Work out how many lines in the listing below include the word "solids"; answer with the number alone.
[[ Excerpted records open ]]
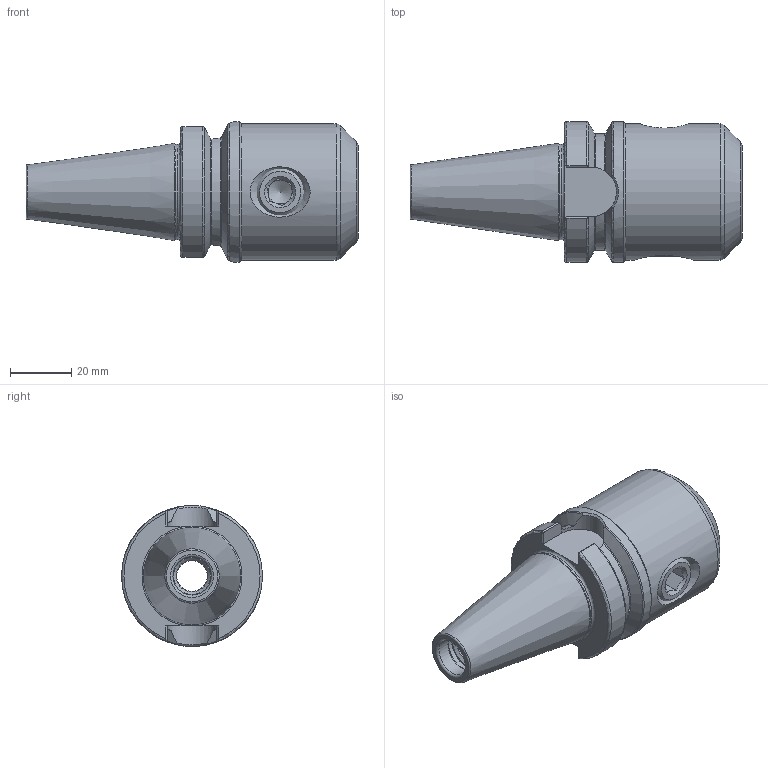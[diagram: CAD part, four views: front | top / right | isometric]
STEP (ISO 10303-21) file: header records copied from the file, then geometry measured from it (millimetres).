
FILE_DESCRIPTION(/* description */ (''),/* implementation_level */ '2;1');
FILE_NAME(/* name */ 'BT30-EM0.75-2.36.stp',/* time_stamp */ '2022-08-26T15:35:35+08:00',/* author */ ('Administrator'),/* organization */ (''),/* preprocessor_version */ 'ST-DEVELOPER v18.1',/* originating_system */ 'Autodesk Inventor 2022',/* authorisation */ '');
FILE_SCHEMA (('AUTOMOTIVE_DESIGN { 1 0 10303 214 3 1 1 }'));
Length unit declared in the file: millimetre
Products named in the file (3): BT30-EM0.75-2.36; BT30-SLA19.05-59.944; 5-8-18UNF-12.7
Assembly tree (2 placements, depth 2):
  BT30-EM0.75-2.36
    BT30-SLA19.05-59.944
    5-8-18UNF-12.7
Bounding box: 108.34 x 46 x 46 mm (x, y, z)
Volume: 85476.8 mm3; surface area: 21345.3 mm2
Topology: 2 solids, 2 shells, 97 faces, 247 edges, 157 vertices
Faces by surface type: plane 30, cone 20, cylinder 20, torus 16, bspline 10, sphere 1
Full cylindrical faces by diameter (mm): 5 x1, 7.8 x1, 10 x1, 10.3 x1, 12.5 x1, 13.1 x1, 14.351 x1, 15.875 x1, 16.4 x1, 19.05 x1, 20 x1, 31.15 x1, 44.45 x1, 46 x1
Entity records: 3817 total; most frequent: CARTESIAN_POINT 1488, ORIENTED_EDGE 490, DIRECTION 434, EDGE_CURVE 245, AXIS2_PLACEMENT_3D 173, VERTEX_POINT 157, EDGE_LOOP 106, FACE_OUTER_BOUND 97
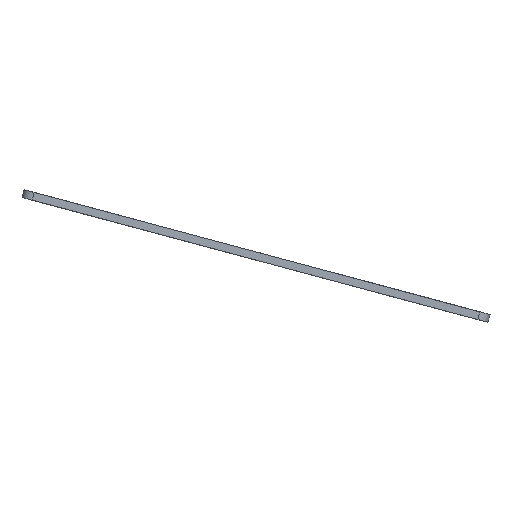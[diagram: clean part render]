
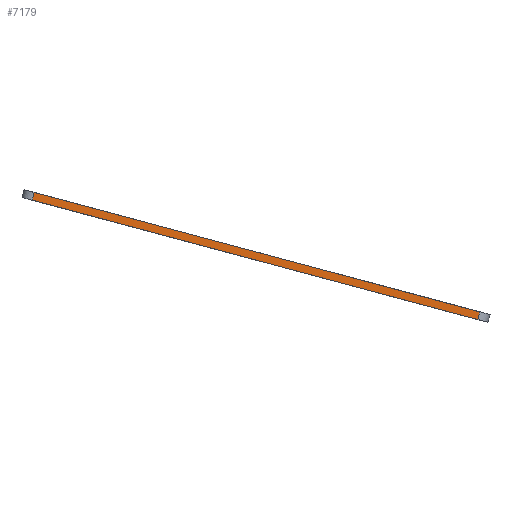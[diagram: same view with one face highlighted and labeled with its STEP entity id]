
A CAD part, left-side view. The second image highlights one B-rep face of the part: STEP entity #7179.
In plain terms, the highlighted planar face has unit normal (-1, 0, 0).
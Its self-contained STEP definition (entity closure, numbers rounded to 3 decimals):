
#657=PLANE('',#7585);
#859=FACE_OUTER_BOUND('',#1249,.T.);
#1249=EDGE_LOOP('',(#4938,#4939,#4940,#4941));
#1688=LINE('',#8986,#2373);
#1690=LINE('',#8992,#2375);
#1691=LINE('',#8994,#2376);
#1692=LINE('',#8995,#2377);
#2373=VECTOR('',#7825,10.);
#2375=VECTOR('',#7831,10.);
#2376=VECTOR('',#7832,10.);
#2377=VECTOR('',#7833,10.);
#3075=VERTEX_POINT('',#8983);
#3076=VERTEX_POINT('',#8985);
#3078=VERTEX_POINT('',#8991);
#3079=VERTEX_POINT('',#8993);
#3819=EDGE_CURVE('',#3075,#3076,#1688,.T.);
#3822=EDGE_CURVE('',#3078,#3075,#1690,.T.);
#3823=EDGE_CURVE('',#3079,#3078,#1691,.T.);
#3824=EDGE_CURVE('',#3076,#3079,#1692,.T.);
#4938=ORIENTED_EDGE('',*,*,#3819,.F.);
#4939=ORIENTED_EDGE('',*,*,#3822,.F.);
#4940=ORIENTED_EDGE('',*,*,#3823,.F.);
#4941=ORIENTED_EDGE('',*,*,#3824,.F.);
#7179=ADVANCED_FACE('',(#859),#657,.T.);
#7585=AXIS2_PLACEMENT_3D('',#8990,#7829,#7830);
#7825=DIRECTION('',(0.,0.259,-0.966));
#7829=DIRECTION('center_axis',(-1.,0.,0.));
#7830=DIRECTION('ref_axis',(0.,-0.966,-0.259));
#7831=DIRECTION('',(0.,-0.966,-0.259));
#7832=DIRECTION('',(0.,-0.259,0.966));
#7833=DIRECTION('',(0.,0.966,0.259));
#8983=CARTESIAN_POINT('',(-53.216,-27.69,19.181));
#8985=CARTESIAN_POINT('',(-53.216,-27.302,17.733));
#8986=CARTESIAN_POINT('',(-53.216,-27.302,17.733));
#8990=CARTESIAN_POINT('Origin',(-53.216,59.007,40.859));
#8991=CARTESIAN_POINT('',(-53.216,56.686,41.79));
#8992=CARTESIAN_POINT('',(-53.216,-29.622,18.664));
#8993=CARTESIAN_POINT('',(-53.216,57.075,40.341));
#8994=CARTESIAN_POINT('',(-53.216,57.075,40.341));
#8995=CARTESIAN_POINT('',(-53.216,-29.234,17.215));
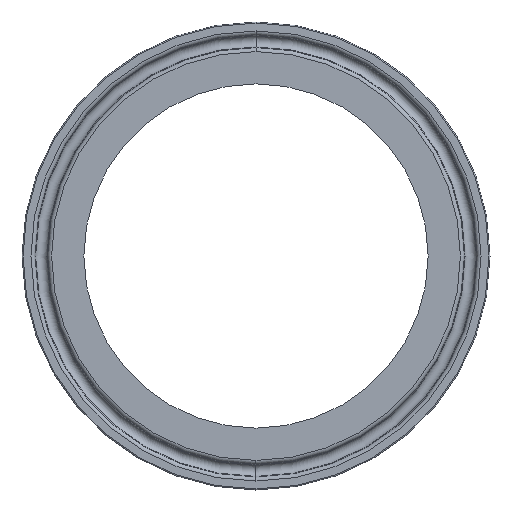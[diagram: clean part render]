
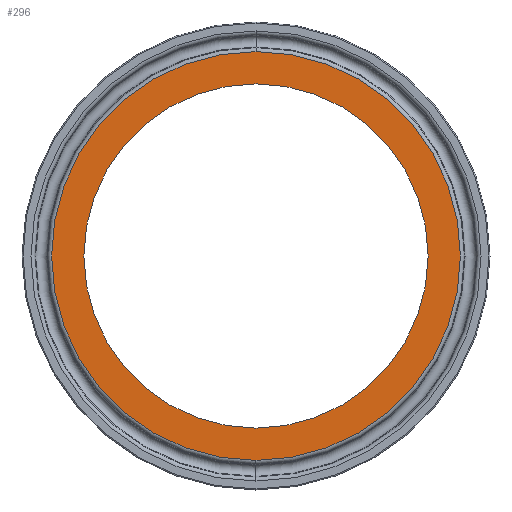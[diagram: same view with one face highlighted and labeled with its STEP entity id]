
A CAD part, left-side view. The second image highlights one B-rep face of the part: STEP entity #296.
In plain terms, the highlighted planar face has unit normal (-1, 0, 0).
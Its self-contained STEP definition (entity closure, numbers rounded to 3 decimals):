
#18 = EDGE_CURVE ( 'NONE', #332, #512, #545, .T. ) ;
#38 = DIRECTION ( 'NONE',  ( 0., 0., 1. ) ) ;
#43 = CIRCLE ( 'NONE', #82, 33.465 ) ;
#57 = CARTESIAN_POINT ( 'NONE',  ( 0., 0., 0. ) ) ;
#61 = PLANE ( 'NONE',  #178 ) ;
#65 = FACE_OUTER_BOUND ( 'NONE', #609, .T. ) ;
#76 = DIRECTION ( 'NONE',  ( 0., 0., -1. ) ) ;
#80 = EDGE_CURVE ( 'NONE', #666, #252, #358, .T. ) ;
#82 = AXIS2_PLACEMENT_3D ( 'NONE', #57, #685, #38 ) ;
#118 = CARTESIAN_POINT ( 'NONE',  ( 0., 0., 0. ) ) ;
#121 = EDGE_LOOP ( 'NONE', ( #261, #468 ) ) ;
#178 = AXIS2_PLACEMENT_3D ( 'NONE', #591, #480, #76 ) ;
#211 = DIRECTION ( 'NONE',  ( -1., 0., 0. ) ) ;
#224 = AXIS2_PLACEMENT_3D ( 'NONE', #118, #352, #695 ) ;
#231 = DIRECTION ( 'NONE',  ( -1., 0., 0. ) ) ;
#252 = VERTEX_POINT ( 'NONE', #756 ) ;
#261 = ORIENTED_EDGE ( 'NONE', *, *, #538, .F. ) ;
#274 = CARTESIAN_POINT ( 'NONE',  ( 0., 0., 0. ) ) ;
#296 = ADVANCED_FACE ( 'NONE', ( #529, #65 ), #61, .F. ) ;
#332 = VERTEX_POINT ( 'NONE', #527 ) ;
#352 = DIRECTION ( 'NONE',  ( -1., 0., 0. ) ) ;
#358 = CIRCLE ( 'NONE', #500, 33.465 ) ;
#379 = CARTESIAN_POINT ( 'NONE',  ( 0., 0., 0. ) ) ;
#407 = ORIENTED_EDGE ( 'NONE', *, *, #642, .T. ) ;
#458 = CARTESIAN_POINT ( 'NONE',  ( 0., 0., -33.465 ) ) ;
#468 = ORIENTED_EDGE ( 'NONE', *, *, #80, .F. ) ;
#480 = DIRECTION ( 'NONE',  ( 1., 0., 0. ) ) ;
#500 = AXIS2_PLACEMENT_3D ( 'NONE', #379, #211, #603 ) ;
#507 = ORIENTED_EDGE ( 'NONE', *, *, #18, .T. ) ;
#512 = VERTEX_POINT ( 'NONE', #619 ) ;
#527 = CARTESIAN_POINT ( 'NONE',  ( 0., 0., 39.747 ) ) ;
#529 = FACE_BOUND ( 'NONE', #121, .T. ) ;
#530 = CIRCLE ( 'NONE', #584, 39.747 ) ;
#538 = EDGE_CURVE ( 'NONE', #252, #666, #43, .T. ) ;
#545 = CIRCLE ( 'NONE', #224, 39.747 ) ;
#584 = AXIS2_PLACEMENT_3D ( 'NONE', #274, #231, #632 ) ;
#591 = CARTESIAN_POINT ( 'NONE',  ( 0., 39.747, 0. ) ) ;
#603 = DIRECTION ( 'NONE',  ( 0., 0., 1. ) ) ;
#609 = EDGE_LOOP ( 'NONE', ( #507, #407 ) ) ;
#619 = CARTESIAN_POINT ( 'NONE',  ( 0., 0., -39.747 ) ) ;
#632 = DIRECTION ( 'NONE',  ( 0., 0., 1. ) ) ;
#642 = EDGE_CURVE ( 'NONE', #512, #332, #530, .T. ) ;
#666 = VERTEX_POINT ( 'NONE', #458 ) ;
#685 = DIRECTION ( 'NONE',  ( -1., 0., 0. ) ) ;
#695 = DIRECTION ( 'NONE',  ( 0., 0., 1. ) ) ;
#756 = CARTESIAN_POINT ( 'NONE',  ( 0., 0., 33.465 ) ) ;
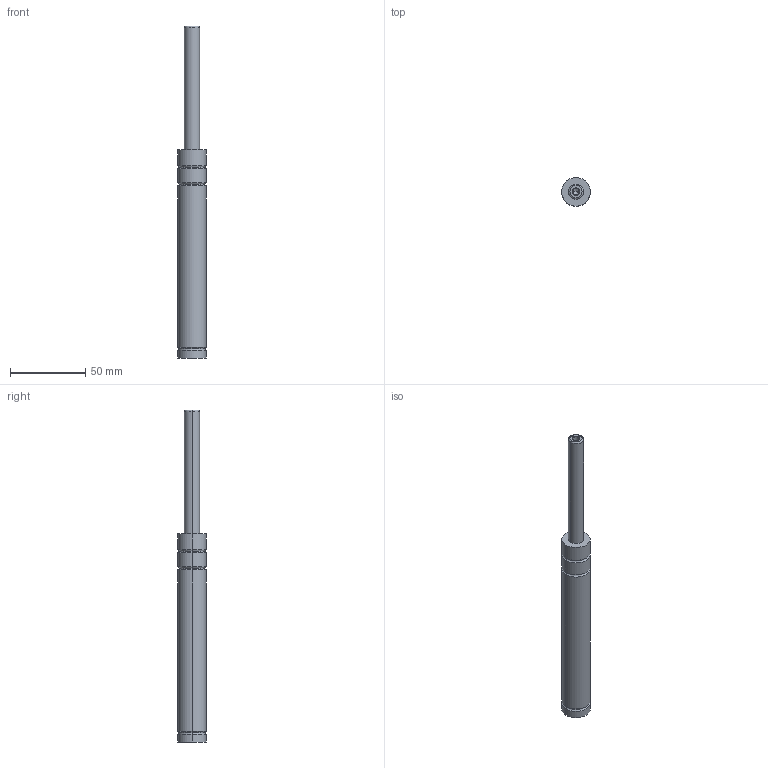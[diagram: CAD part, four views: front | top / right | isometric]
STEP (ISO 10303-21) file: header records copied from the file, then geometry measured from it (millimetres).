
FILE_DESCRIPTION (( 'STEP AP203' ), '1' );
FILE_NAME ('OP 00150_080.step', '2018-11-27T21:07:31', ( '' ), ( '' ), 'SwSTEP 2.0', 'SolidWorks 2016', '' );
FILE_SCHEMA (( 'CONFIG_CONTROL_DESIGN' ));
Length unit declared in the file: millimetre
Products named in the file (1): OP 00150_080
Bounding box: 19 x 19 x 220 mm (x, y, z)
Volume: 44887.1 mm3; surface area: 11856.7 mm2
Topology: 1 solids, 1 shells, 42 faces, 86 edges, 46 vertices
Faces by surface type: cylinder 16, torus 14, cone 8, plane 4
Entity records: 1153 total; most frequent: DIRECTION 226, CARTESIAN_POINT 171, ORIENTED_EDGE 164, AXIS2_PLACEMENT_3D 101, EDGE_CURVE 82, CIRCLE 58, VERTEX_POINT 46, EDGE_LOOP 46
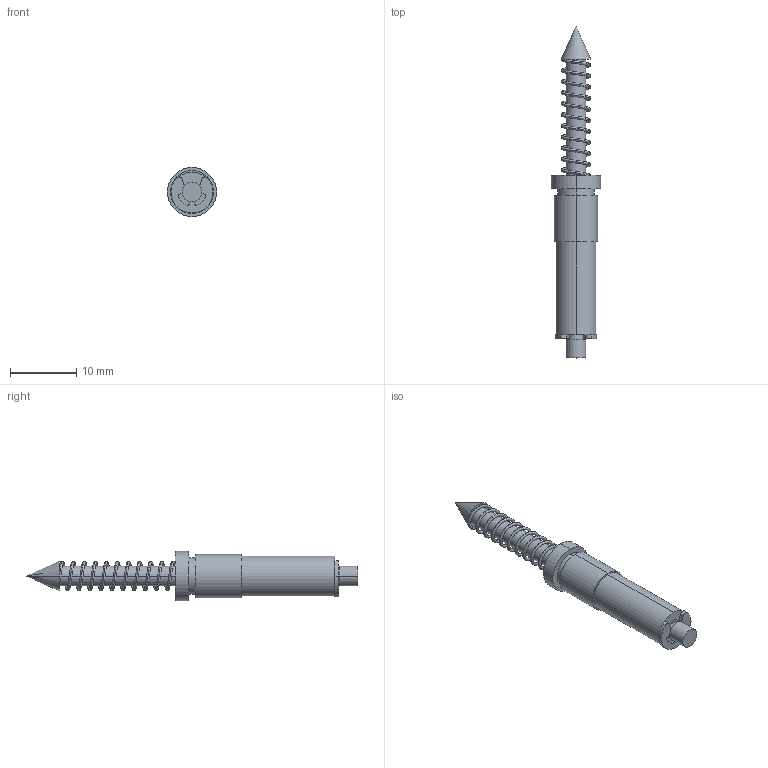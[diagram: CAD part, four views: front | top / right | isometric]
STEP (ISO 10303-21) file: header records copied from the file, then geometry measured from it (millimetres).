
FILE_DESCRIPTION (( 'STEP AP214' ), '1' );
FILE_NAME ('21824~2.STEP', '2018-09-18T10:59:05', ( '' ), ( '' ), 'SwSTEP 2.0', 'SolidWorks 2018', '' );
FILE_SCHEMA (( 'AUTOMOTIVE_DESIGN' ));
Length unit declared in the file: millimetre
Products named in the file (1): 21824~2
Bounding box: 7.4 x 50 x 7.4 mm (x, y, z)
Volume: 937.6 mm3; surface area: 1035.9 mm2
Topology: 2 solids, 2 shells, 51 faces, 122 edges, 81 vertices
Faces by surface type: cylinder 30, plane 17, bspline 2, cone 2
Entity records: 7896 total; most frequent: CARTESIAN_POINT 6479, DIRECTION 278, ORIENTED_EDGE 240, EDGE_CURVE 120, AXIS2_PLACEMENT_3D 114, VERTEX_POINT 81, CIRCLE 64, EDGE_LOOP 61
[[ Excerpted records closed ]]
# Exercise result:
3